There was also just a problem with Beneful a few months ago:

http://spoiledmaltese.com/forum/index.php?...c=20185&hl=

There are some really good foods out there that are a better choice. We've had a lot of discussions about foods. Here are a few:

http://spoiledmaltese.com/forum/index.php?...882&hl=food

http://spoiledmaltese.com/forum/index.php?...c=20677&hl=

http://spoiledmaltese.com/forum/index.php?...c=16254&hl=


----------



## daisyg (Jun 21, 2007)

Thank you! 

I have some Grandma Lucy's upset stomach treats I think that wil comfort him, it always does.

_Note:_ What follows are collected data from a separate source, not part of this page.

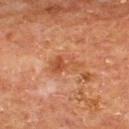Recorded during total-body skin imaging; not selected for excision or biopsy. A 15 mm close-up extracted from a 3D total-body photography capture. A male subject aged 63 to 67. The lesion is on the upper back. About 4 mm across. This is a cross-polarized tile. The total-body-photography lesion software estimated a footprint of about 6.5 mm² and a shape-asymmetry score of about 0.35 (0 = symmetric). It also reported a classifier nevus-likeness of about 0/100.
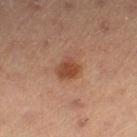Captured during whole-body skin photography for melanoma surveillance; the lesion was not biopsied.
Captured under cross-polarized illumination.
A 15 mm close-up extracted from a 3D total-body photography capture.
The subject is a male about 55 years old.
On the right lower leg.
Longest diameter approximately 3 mm.
The lesion-visualizer software estimated border irregularity of about 2 on a 0–10 scale and internal color variation of about 2.5 on a 0–10 scale.

I had no I idea, about beneful I would buy it because of the salmon dusty loves salmon.


----------



## Bonnie's Mommie (Mar 2, 2006)

> Thank you!
> 
> I have some Grandma Lucy's upset stomach treats I think that wil comfort him, it always does.
> 
> I had no I idea, about beneful I would buy it because of the salmon dusty loves salmon.[/B]


This is a great salmon treat - Bonnie loves it!

http://www.onlynaturalpet.com/products/Lak...ats/160006.aspx


----------



## deuce (May 31, 2007)

You have come to the right place for loads of great information...Deuce eats Eukanuba Puppy, but we are in the process of trying to get him on a better food..He is so picky!!


----------



## bellasmommy (May 8, 2005)

You're not a bad puppy mom, the way these foods are marketed its only natural for us to assume they are safe. You are a great mom for looking out for something better. If he likes salmon, you might look into Solid Gold. I haven't looked at all the formulas, but the one Bella is on has salmon I know, her's is meant for adults though.


----------